ACTION ITEM
Every entry below needs to be printed again exactly, with its pictures left out.

DATA SUPPLIED
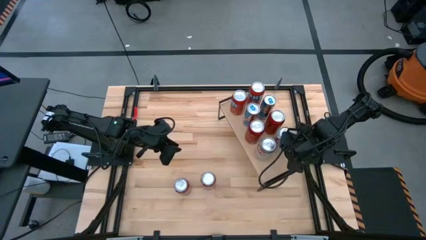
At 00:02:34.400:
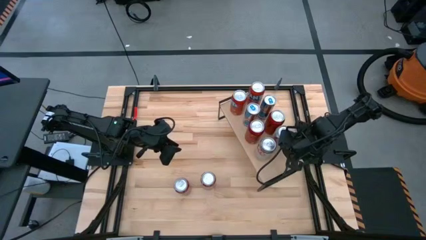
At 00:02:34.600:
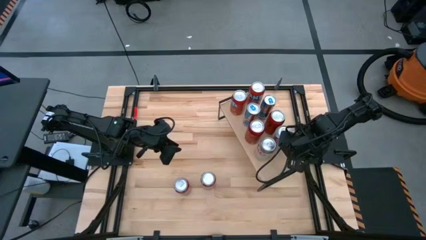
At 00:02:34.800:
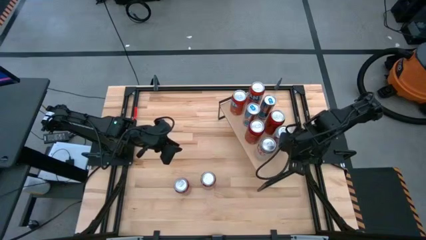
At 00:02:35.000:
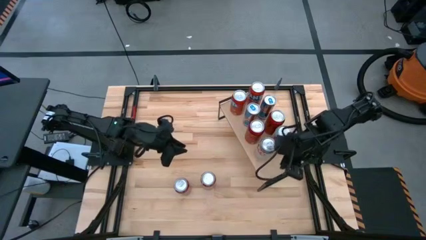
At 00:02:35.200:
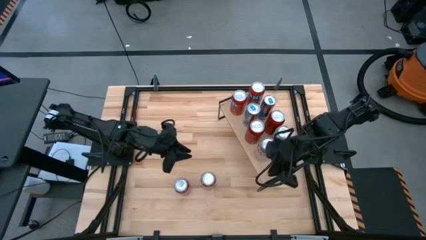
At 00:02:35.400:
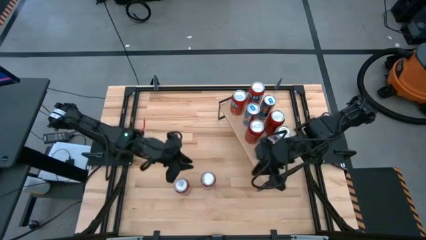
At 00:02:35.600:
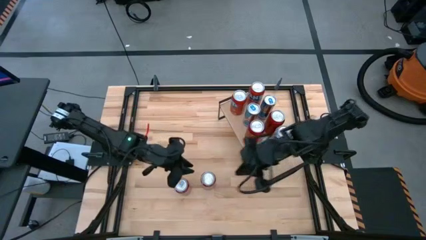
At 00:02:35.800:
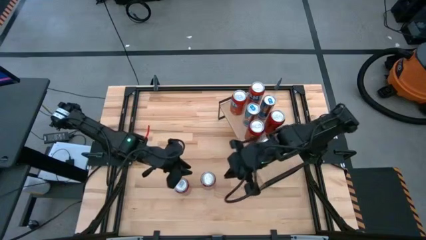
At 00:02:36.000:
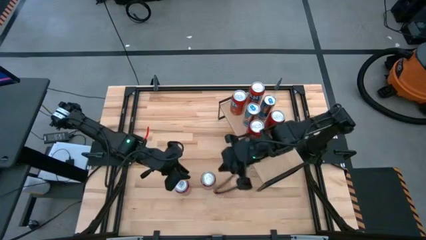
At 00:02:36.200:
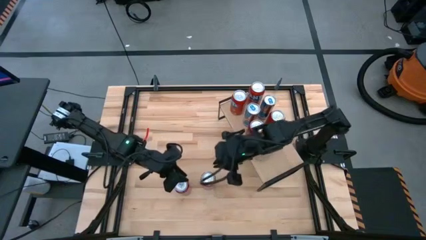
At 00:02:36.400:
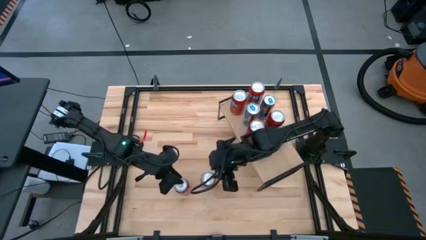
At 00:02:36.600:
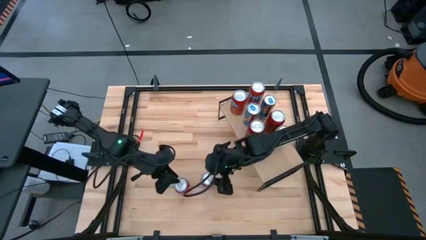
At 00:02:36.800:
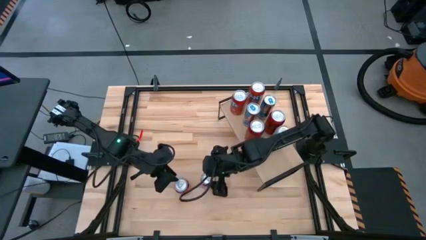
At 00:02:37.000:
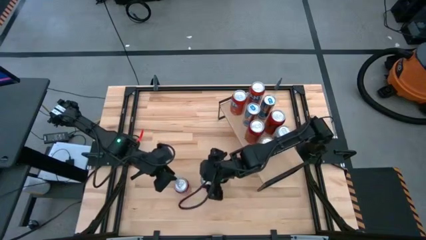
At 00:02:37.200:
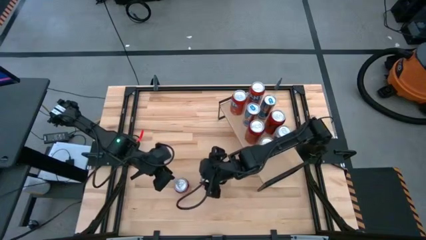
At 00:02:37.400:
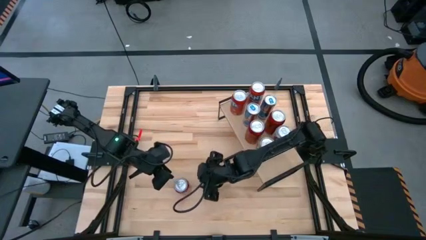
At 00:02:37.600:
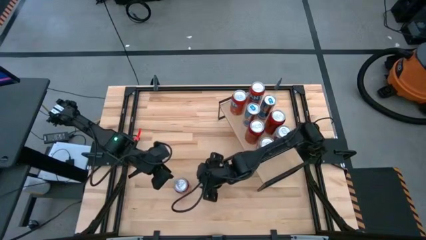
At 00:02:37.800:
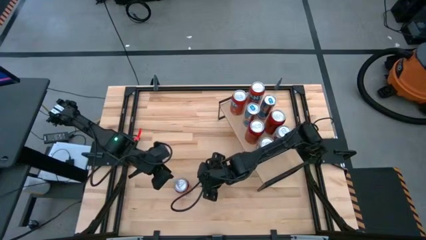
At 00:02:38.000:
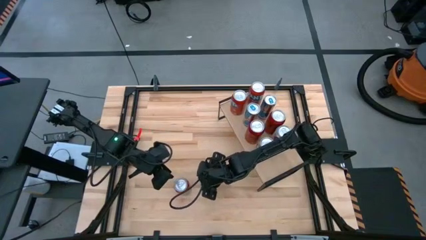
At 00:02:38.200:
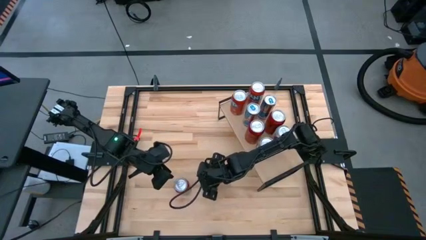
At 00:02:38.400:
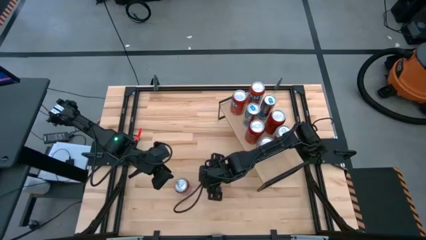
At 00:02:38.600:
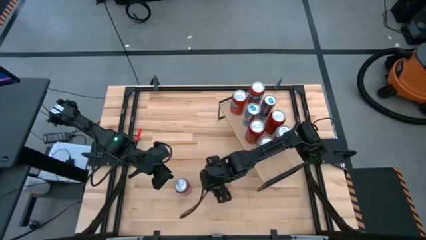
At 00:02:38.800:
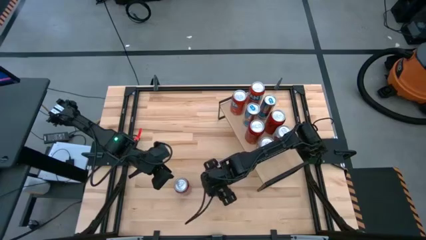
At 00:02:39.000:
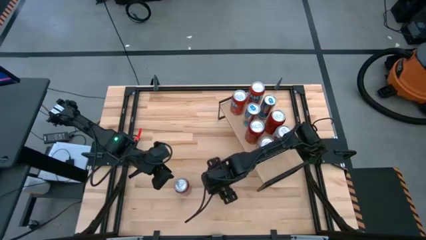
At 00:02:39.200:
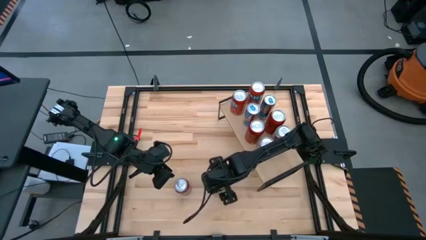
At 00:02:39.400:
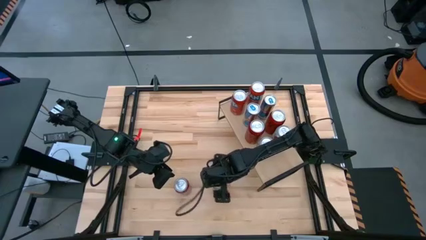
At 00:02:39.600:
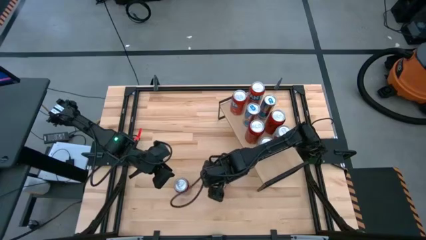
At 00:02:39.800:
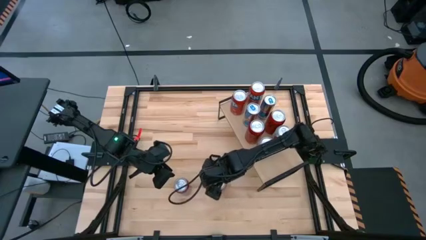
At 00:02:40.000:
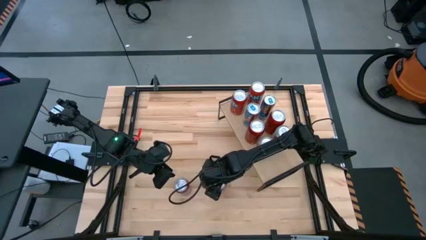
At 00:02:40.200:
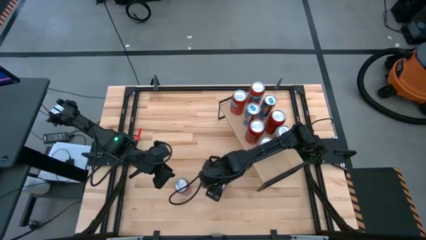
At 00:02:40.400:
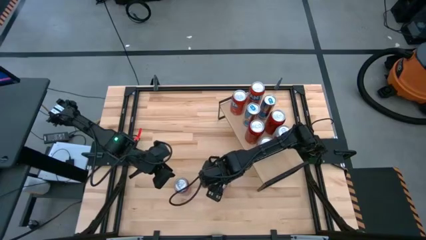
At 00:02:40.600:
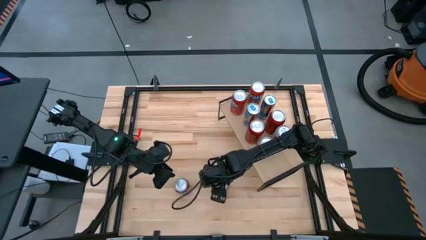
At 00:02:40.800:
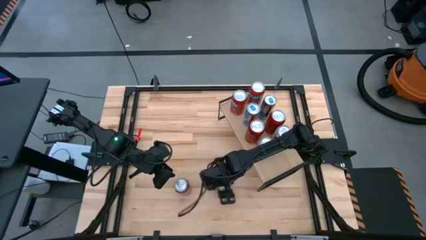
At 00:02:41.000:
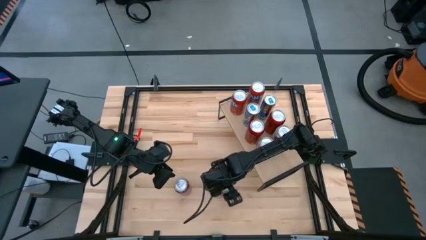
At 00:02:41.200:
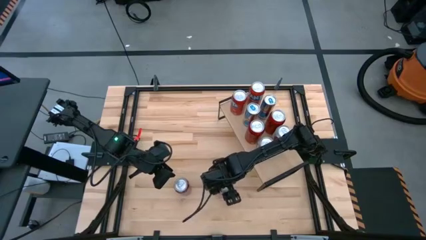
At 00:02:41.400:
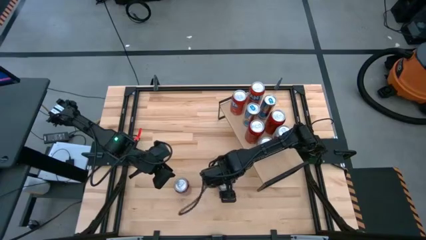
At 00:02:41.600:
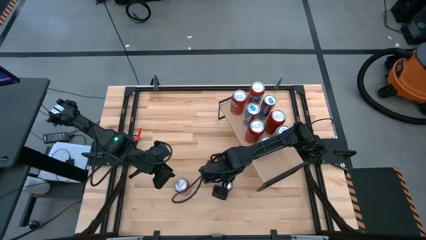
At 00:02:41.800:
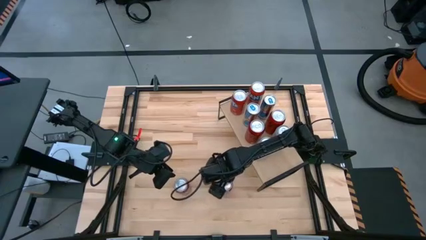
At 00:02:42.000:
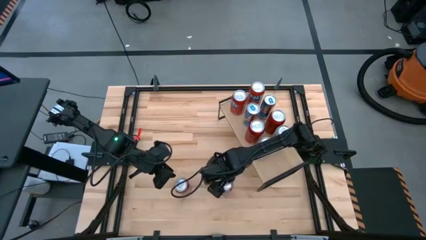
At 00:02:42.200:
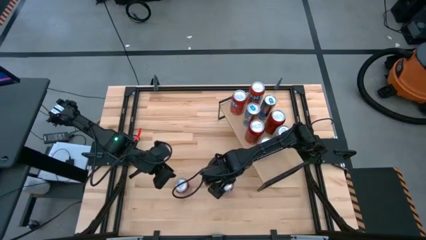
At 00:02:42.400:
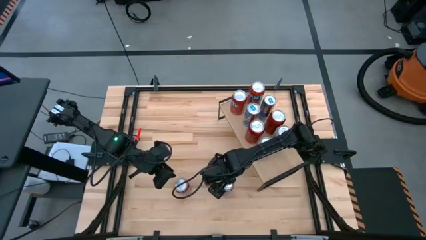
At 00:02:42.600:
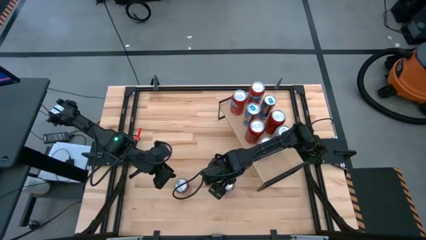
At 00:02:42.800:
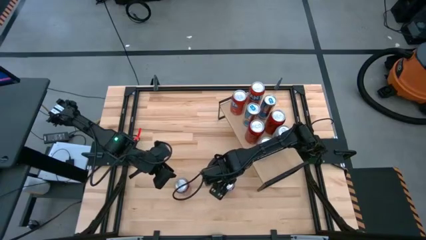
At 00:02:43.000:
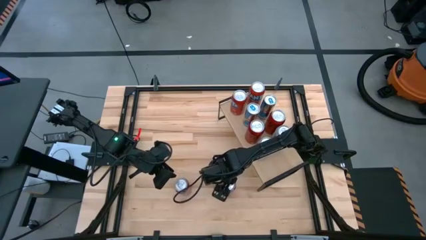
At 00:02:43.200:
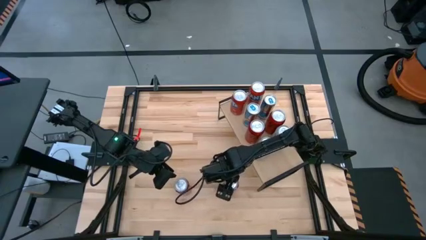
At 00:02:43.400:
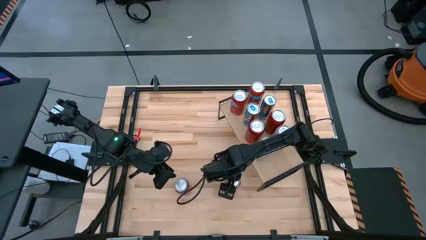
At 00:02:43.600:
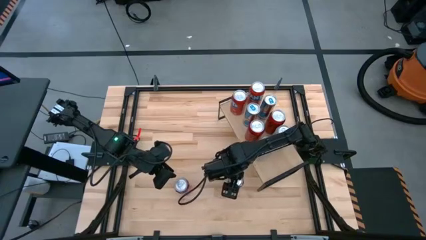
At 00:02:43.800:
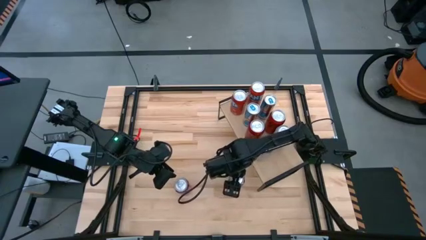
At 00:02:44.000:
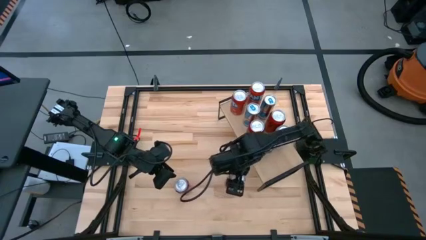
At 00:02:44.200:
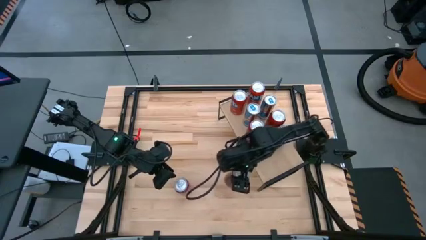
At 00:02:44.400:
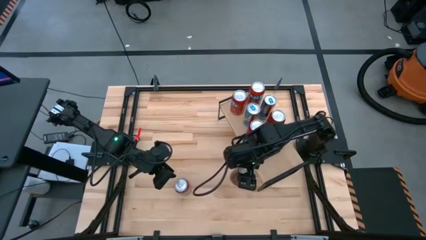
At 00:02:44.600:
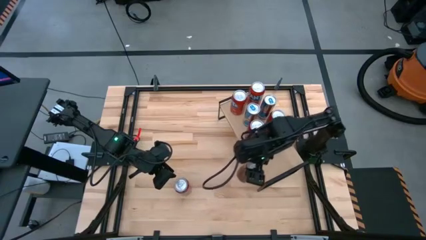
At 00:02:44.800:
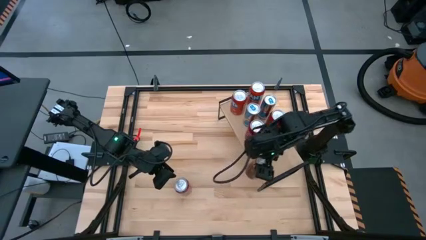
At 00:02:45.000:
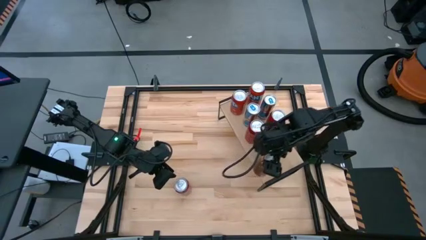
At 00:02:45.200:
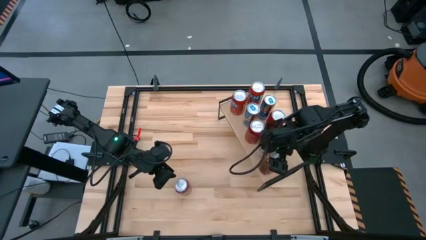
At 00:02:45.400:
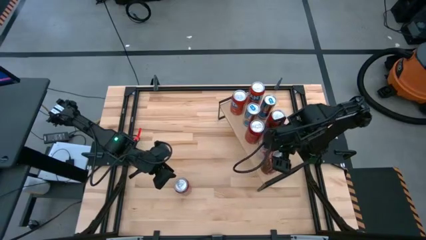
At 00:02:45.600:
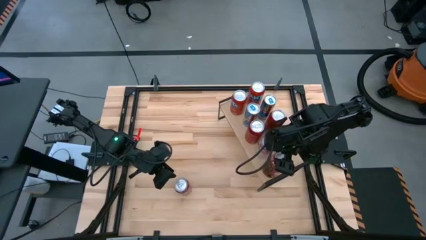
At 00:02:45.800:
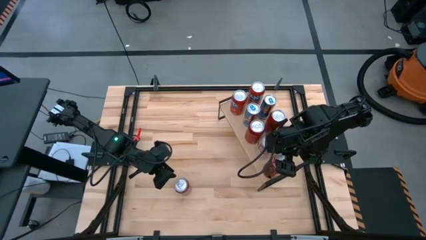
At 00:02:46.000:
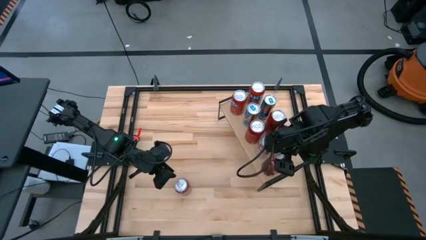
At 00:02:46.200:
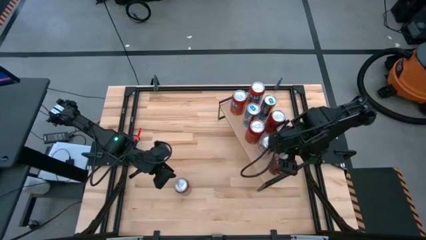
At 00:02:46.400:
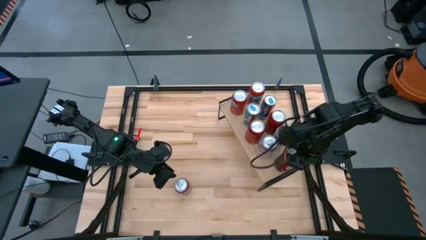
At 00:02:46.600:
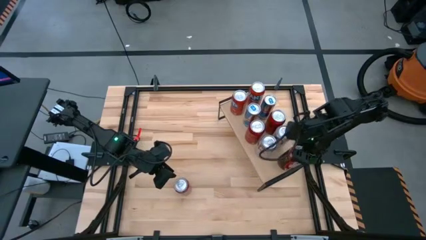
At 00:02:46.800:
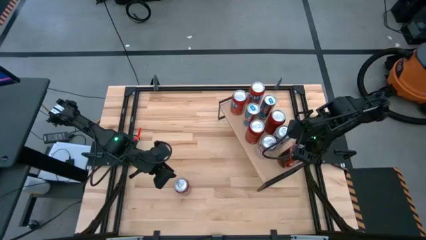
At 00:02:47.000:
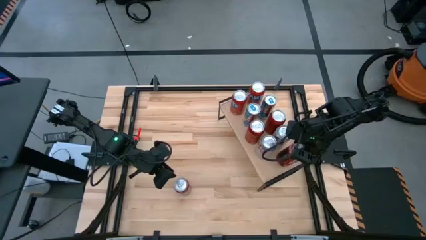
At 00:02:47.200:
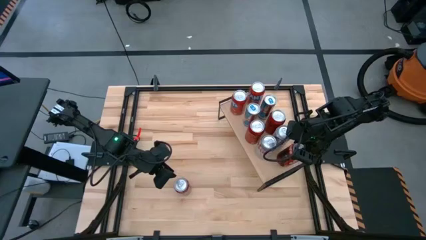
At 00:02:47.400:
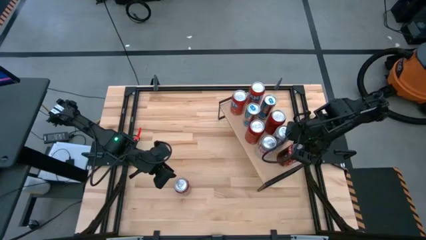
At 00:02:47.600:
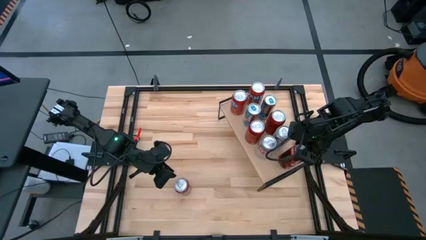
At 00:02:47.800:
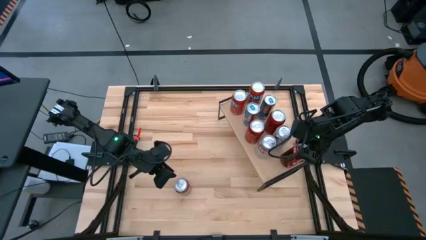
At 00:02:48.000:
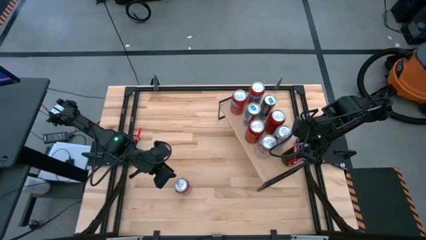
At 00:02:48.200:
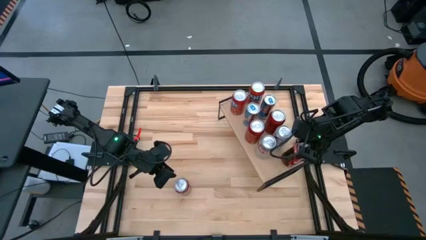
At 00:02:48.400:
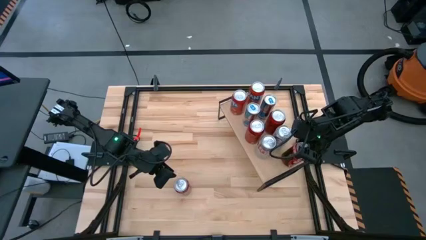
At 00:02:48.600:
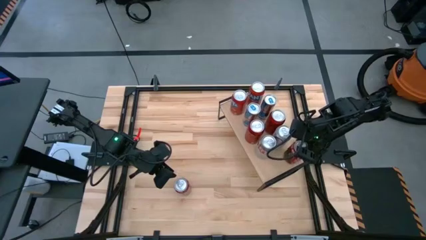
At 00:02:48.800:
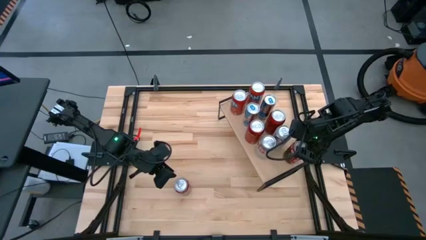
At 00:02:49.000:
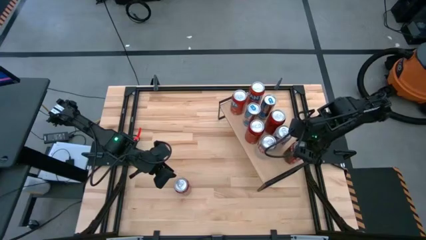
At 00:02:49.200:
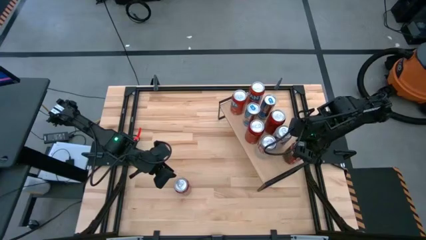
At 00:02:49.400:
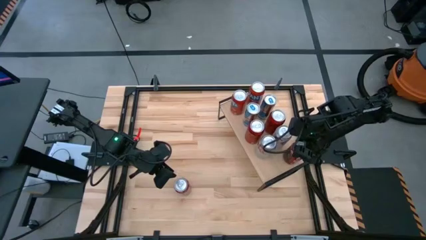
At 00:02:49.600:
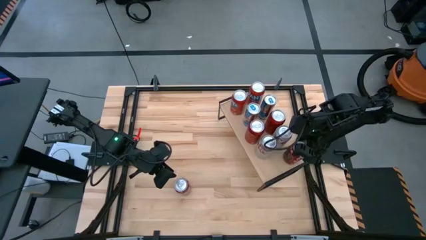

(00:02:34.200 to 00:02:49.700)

THE COMPLETED TASK
At 00:02:34.400:
At 00:02:34.600:
At 00:02:34.800:
At 00:02:35.000:
At 00:02:35.200:
At 00:02:35.400:
At 00:02:35.600:
At 00:02:35.800:
At 00:02:36.000:
At 00:02:36.200:
At 00:02:36.400:
At 00:02:36.600:
At 00:02:36.800:
At 00:02:37.000:
At 00:02:37.200:
At 00:02:37.400:
At 00:02:37.600:
At 00:02:37.800:
At 00:02:38.000:
At 00:02:38.200:
At 00:02:38.400:
At 00:02:38.600:
At 00:02:38.800:
At 00:02:39.000:
At 00:02:39.200:
At 00:02:39.400:
At 00:02:39.600:
At 00:02:39.800:
At 00:02:40.000:
At 00:02:40.200:
At 00:02:40.400:
At 00:02:40.600:
At 00:02:40.800:
At 00:02:41.000:
At 00:02:41.200:
At 00:02:41.400:
At 00:02:41.600:
At 00:02:41.800:
At 00:02:42.000:
At 00:02:42.200:
At 00:02:42.400:
At 00:02:42.600:
At 00:02:42.800:
At 00:02:43.000:
At 00:02:43.200:
At 00:02:43.400:
At 00:02:43.600:
At 00:02:43.800:
At 00:02:44.000:
At 00:02:44.200:
At 00:02:44.400:
At 00:02:44.600:
At 00:02:44.800:
At 00:02:45.000:
At 00:02:45.200:
At 00:02:45.400:
At 00:02:45.600:
At 00:02:45.800:
At 00:02:46.000:
At 00:02:46.200:
At 00:02:46.400:
At 00:02:46.600:
At 00:02:46.800:
At 00:02:47.000:
At 00:02:47.200:
At 00:02:47.400:
At 00:02:47.600:
At 00:02:47.800:
At 00:02:48.000:
At 00:02:48.200:
At 00:02:48.400:
At 00:02:48.600:
At 00:02:48.800:
At 00:02:49.000:
At 00:02:49.200:
At 00:02:49.400:
At 00:02:49.600:

(00:02:34.200 to 00:02:49.700)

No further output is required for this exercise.